The approach of automatically creating a MakeHuman model described in section~\ref{approach.makehuman} was left unfinished. The system could be finished by finding proper correspondences of a point cloud and MakeHuman parameters. Ideally research should be made to see how actual measures of the body (such as forearm length and waist circumference) can be best approximated from point clouds. Furthermore, the relevant MakeHuman targets should be chosen and their effect determined so that their required weights can be directly computed.
The body part segmentation method portrayed in section~\ref{approach.segmentation} was a limiting factor in our work. Especially, finding more parts than we currently have would be beneficial. For example, discerning hand from forearm, foot from leg and neck from head would make measurements more accurate.
We considered texturing methods and discuss them in section~\ref{approach.texturing} but never tried implementing them. If a reconstruction system is later otherwise completed, texturing should also be implemented.
Things we experimented on but did not investigate in depth include the point cloud accumulation approach described in section~\ref{approach.accumulation} and the parallel Kinfu approach depicted in section~\ref{approach.parallel}. The point cloud accumulation method needs research on how a mesh can be reconstructed from the collected data. The parallel Kinfu approach might work better if visual features were considered instead of or in addition to geometric features. Testing this in practice will be easy if the source code to Kintinuous is released, as Kintinuous already supports three different tracking methods \citep{Whelan12rssw}.
% also: animation with the makehuman approach
\section{Conclusion}
The major accomplishments of this thesis are threefold in regard to human body reconstruction using depth camera data.
Firstly, we conducted a review of the subject matter, including existing systems and related research.

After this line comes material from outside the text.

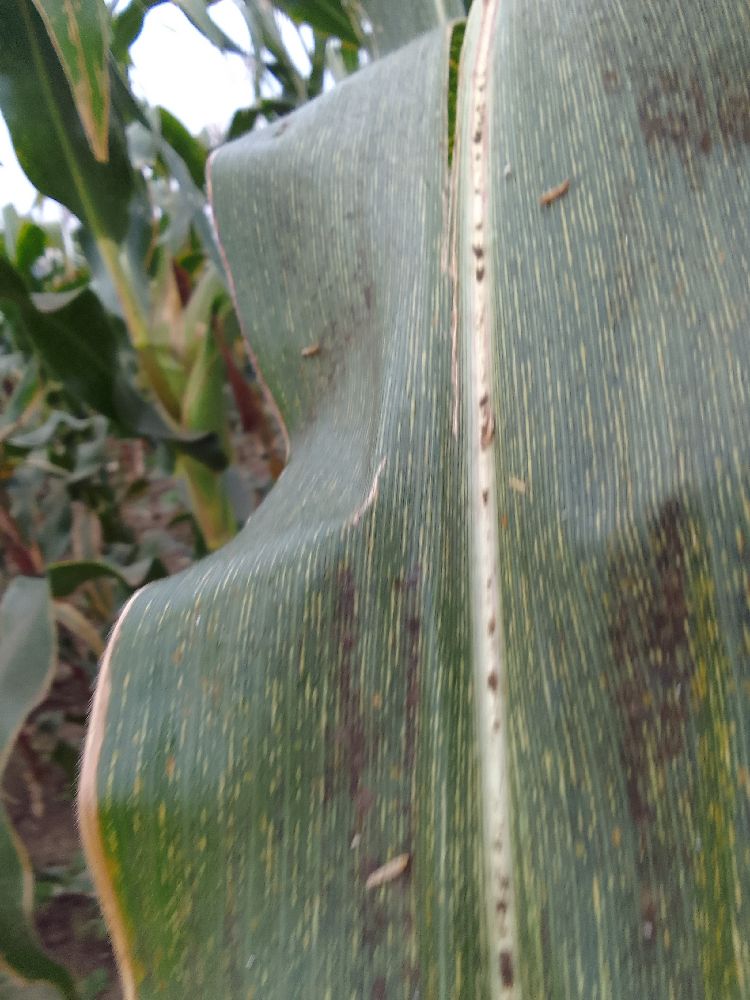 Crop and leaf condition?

maize, maize streak virus
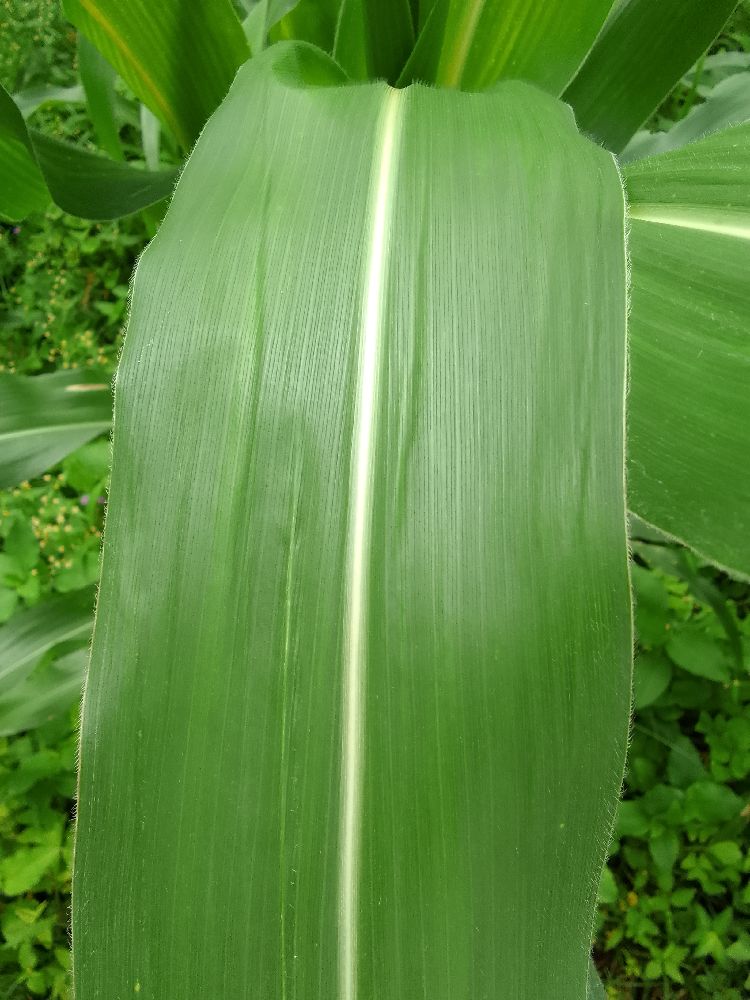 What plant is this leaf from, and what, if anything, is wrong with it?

maize, healthy

In chapter~\ref{literature}, we described the most relevant areas of research in terms of what should be considered when designing a system for 3D reconstruction of the human body. We also encountered and identified the major problems that must be solved in order to create a working system.

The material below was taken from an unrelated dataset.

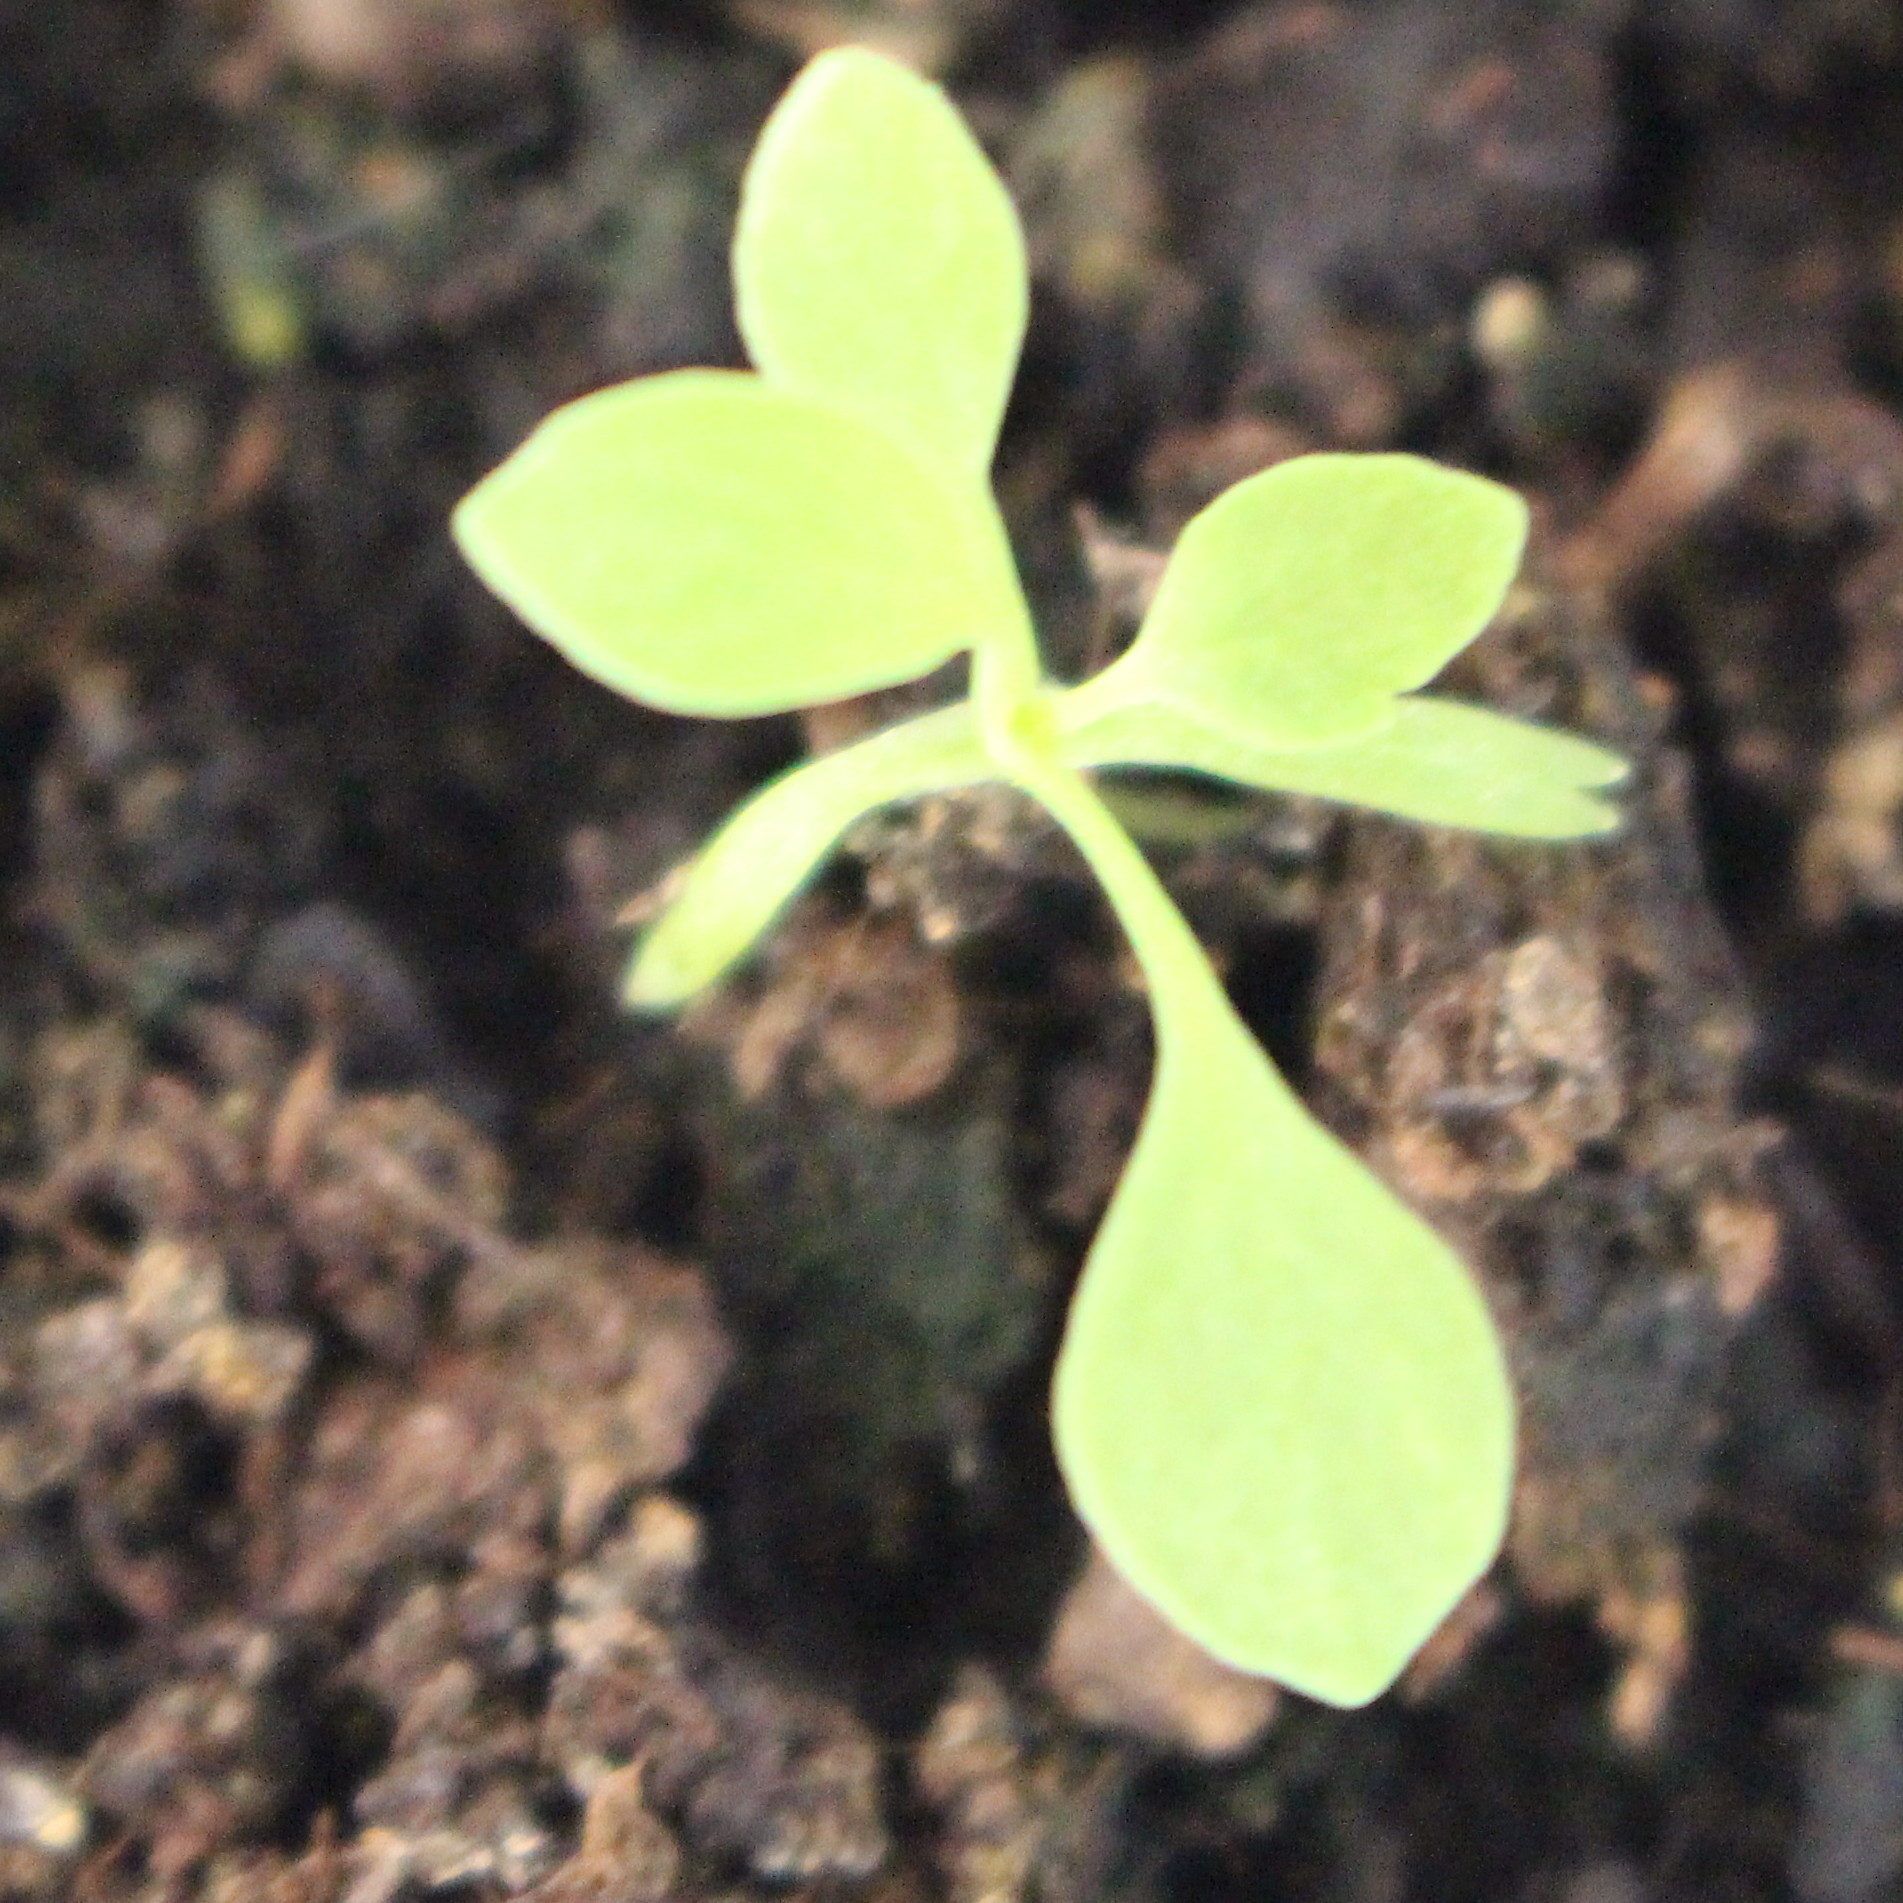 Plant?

Papaver rhoeas

Secondly, we suggested different valid approaches in chapter~\ref{approach}. We described each approach in terms of how the problem can be divided into sub-tasks and determined requirements for their implentations. We also analyzed possible problems with each approach and recommended the one we deemed most promising.
Thirdly, we made prototype implementations for many of the tasks described, as described in chapter~\ref{approach}. These implementations helped us further understand the tasks and problems that must be solved. They also provide a useful basis for further work on a complete human body reconstruction system.
\newtopic
Ultimately, this research did not meet its original goal---a complete human body reconstruction system that works in real time. Various causes contributed to this result. Fundamentally, the difficulty of achieving the chosen research goal was seriously underestimated. Our lack of previous knowledge of the subject matter was the primary reason for this. Unfortunately, there was little existing expertise in relevant research topics in the Department of Media Technology, and instruction during the research was lacking. Therefore, it took us long to realize our mistake.

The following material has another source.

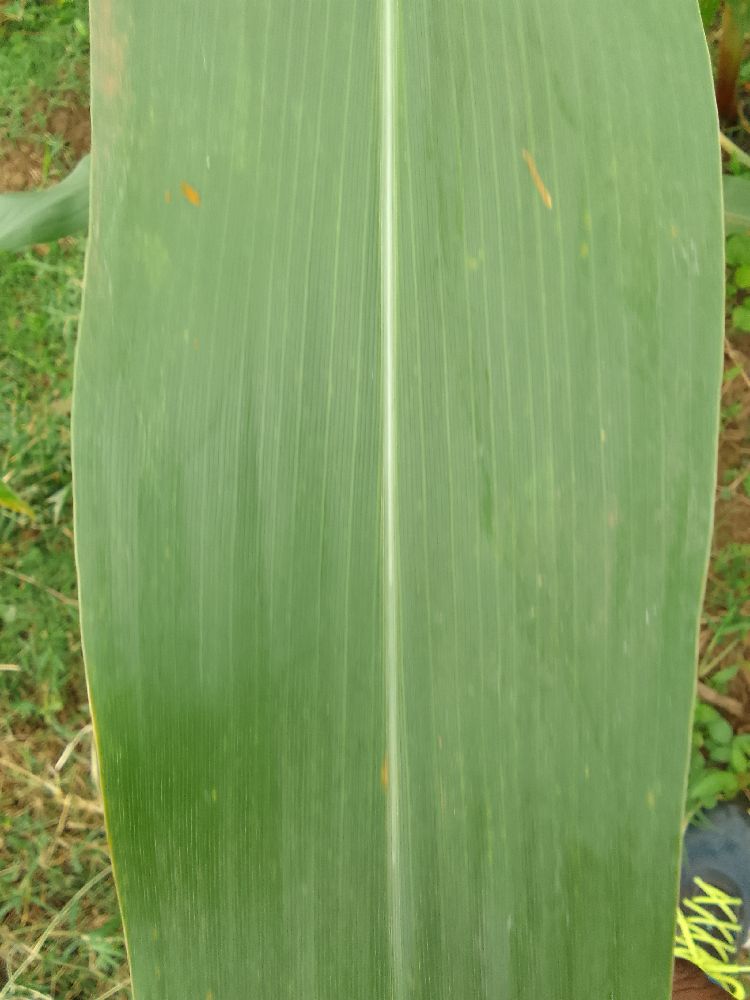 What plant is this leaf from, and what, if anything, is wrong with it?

maize, healthy
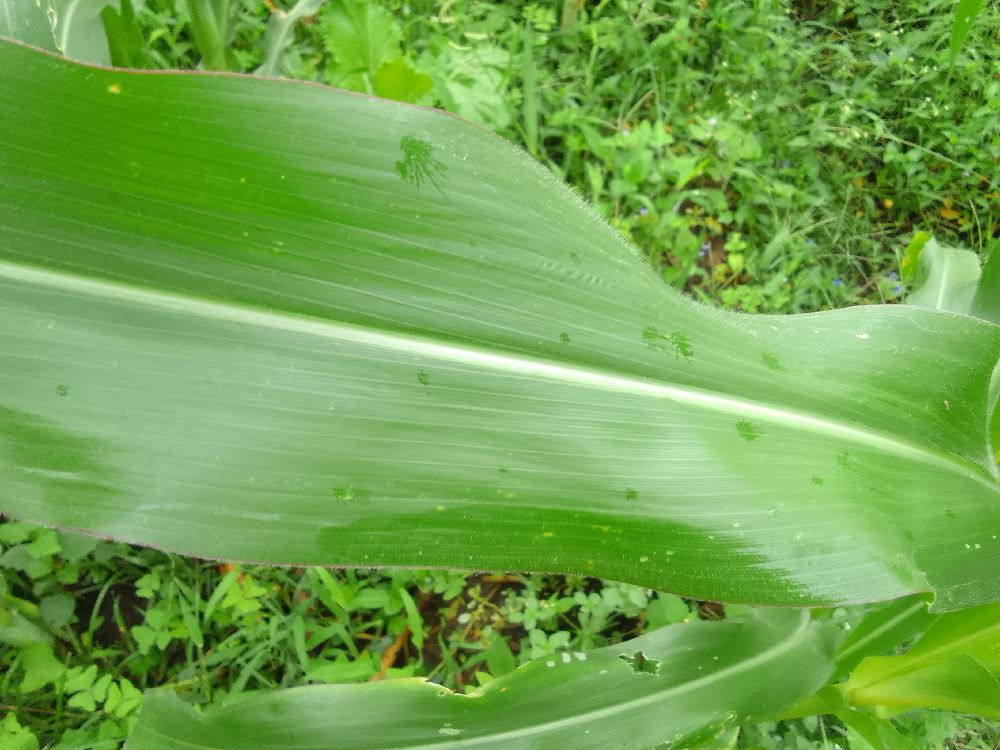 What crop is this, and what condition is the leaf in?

maize, healthy

Still, we have made a promising start in the research---the error was mostly in choosing the scope to fit the limited resources of a Master's thesis. Scoping the research appropriately was made difficult by the broadness of the subject. Any given task requires a broad understanding of different research areas, which had to be gained first. We also made the error of focusing on finding a lot of different ideas---while neglecting validation of their feasibility before committing to working on them.
All things considered, we made good groundwork by investigating, planning and partially implementing a system for human body reconstruction, while our original goal was not completely met.